Como dice el guionista Sherman, los sucesos más extraños de la película son los que más se ajustan a la realidad. Eso incluye los gemelos supuestamente incrustados de diamantes, hechos en Tiffany pero grabados con la palabra «Trump», que Trump regala a Cohn en una fiesta de cumpleaños que organiza para el moribundo y que resultan ser imitaciones baratas. En la película, el Cohn de Strong abandona la fiesta llorando, su silla de ruedas rodando con dolorosa lentitud mientras los invitados sentados alrededor de la larga mesa observan inquietos.
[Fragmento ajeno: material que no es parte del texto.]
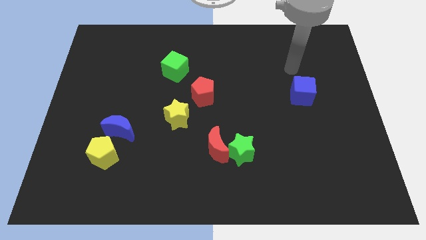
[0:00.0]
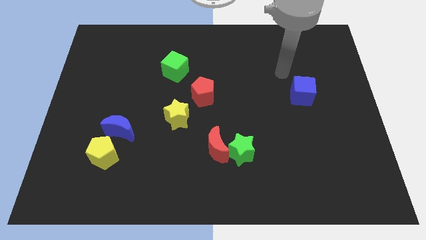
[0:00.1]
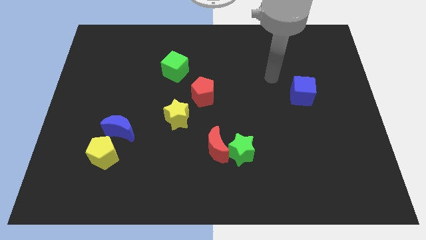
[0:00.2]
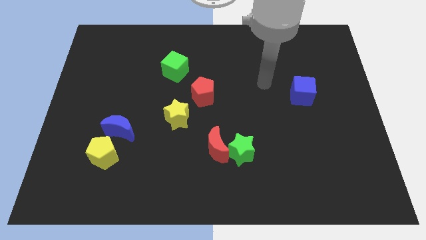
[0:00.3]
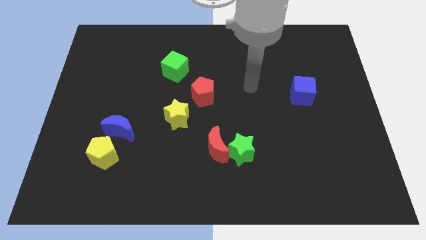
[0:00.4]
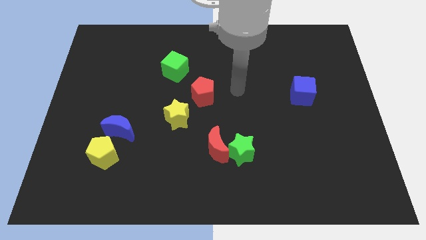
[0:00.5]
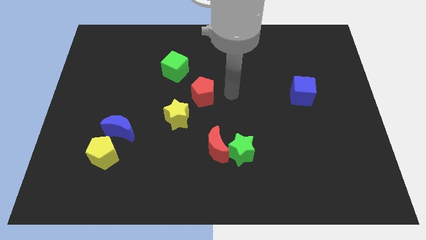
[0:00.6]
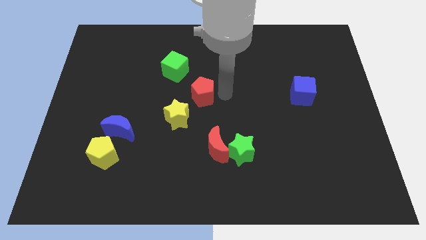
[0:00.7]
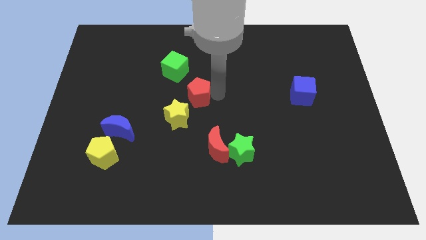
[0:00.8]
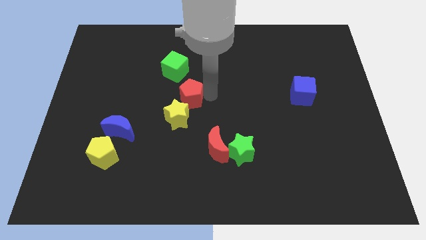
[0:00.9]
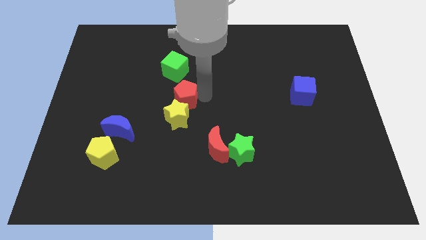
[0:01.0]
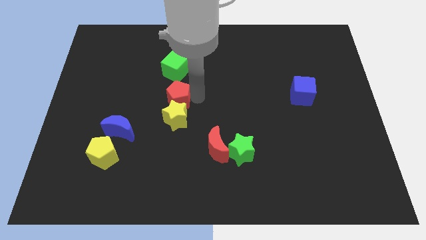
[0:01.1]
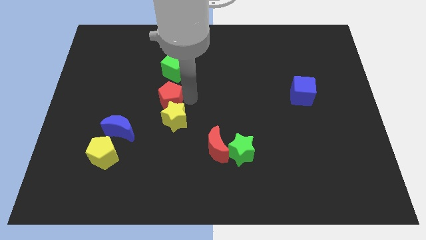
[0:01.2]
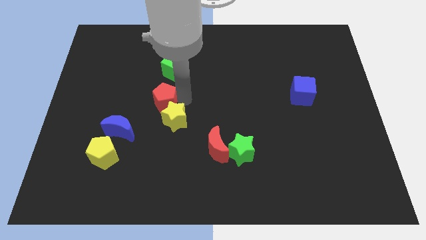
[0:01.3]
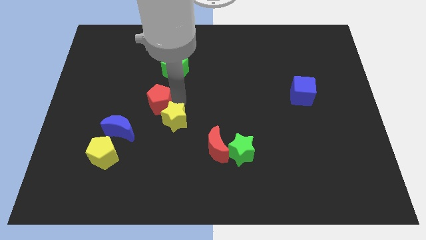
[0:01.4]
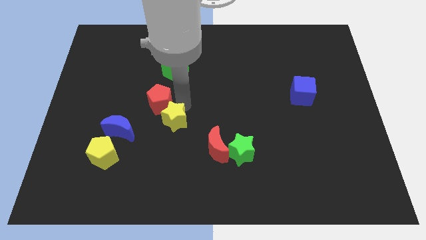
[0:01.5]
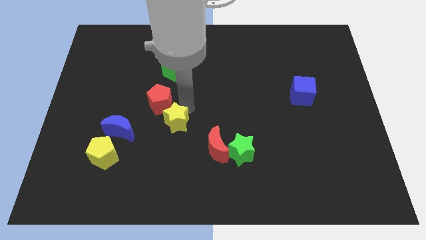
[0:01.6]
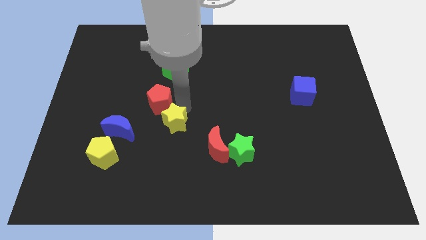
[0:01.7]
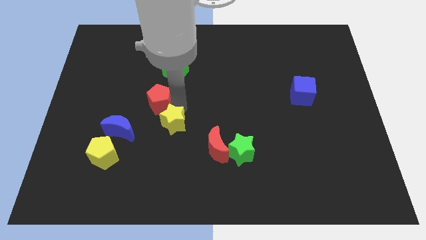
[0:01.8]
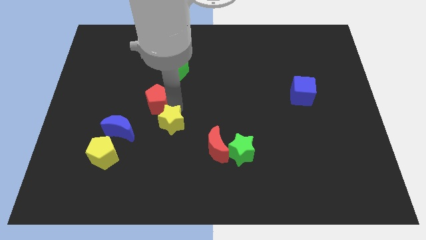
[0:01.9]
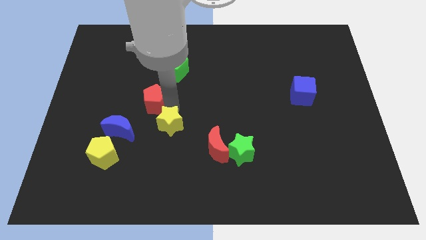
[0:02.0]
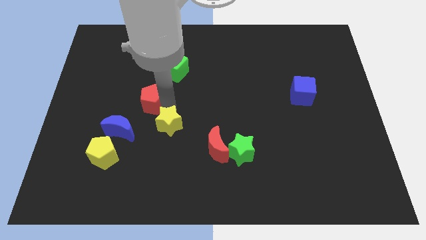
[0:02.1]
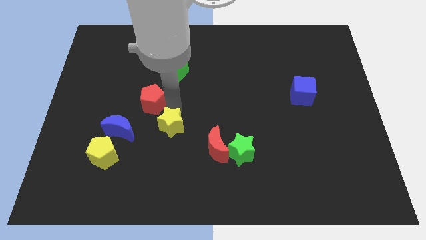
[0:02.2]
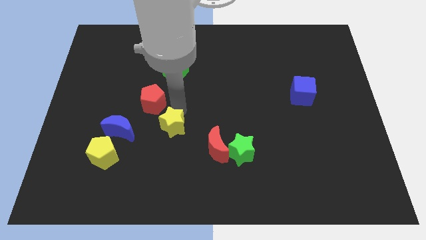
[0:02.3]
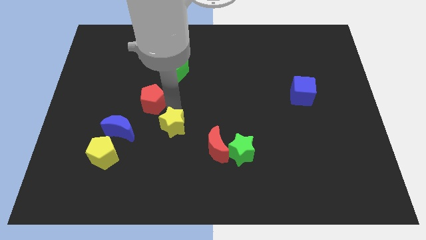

No está claro si eso ocurrió realmente. Pero es lo más cerca que está la película de evocar simpatía por el diablo que era Cohn.

Sin embargo, parece que Trump realmente mandó limpiar con vapor las habitaciones en las que se alojaba Cohn tras su muerte, en su persistente ignorancia misofóbica y su paranoia sobre cómo se transmite el sida.

Es interesante que, en opinión del director, de la que se hacen eco con frecuencia las críticas, la película adopte un «ángulo radicalmente humanista» de Donald Trump al mostrar sus inseguridades juveniles y su forma, a veces ligeramente reacia, de adoptar las posturas y prácticas más malévolas de Cohn. Pero la «humanización» a la que tan a menudo se hace referencia en los debates sobre esta película parece sugerir que a Trump se le hace parecer mejor persona de lo que era o es. ¿Quién duda seriamente de la humanidad de Trump, cuando tenemos ejemplos de comportamiento humano espantoso a nuestro alrededor?

En resumen, El aprendiz deja claro, con detalles escabrosos, que Donald Trump era y es una persona vil. Tanto es así que no se sabe si, en última instancia, era tan malo o peor que Roy Cohn, el hombre que hizo todo lo posible por convertir a Estados Unidos en un lugar aún más putrefacto y lo remató ayudando a endilgar a Trump al público estadounidense de una forma duradera que parece tan incurable como el herpes.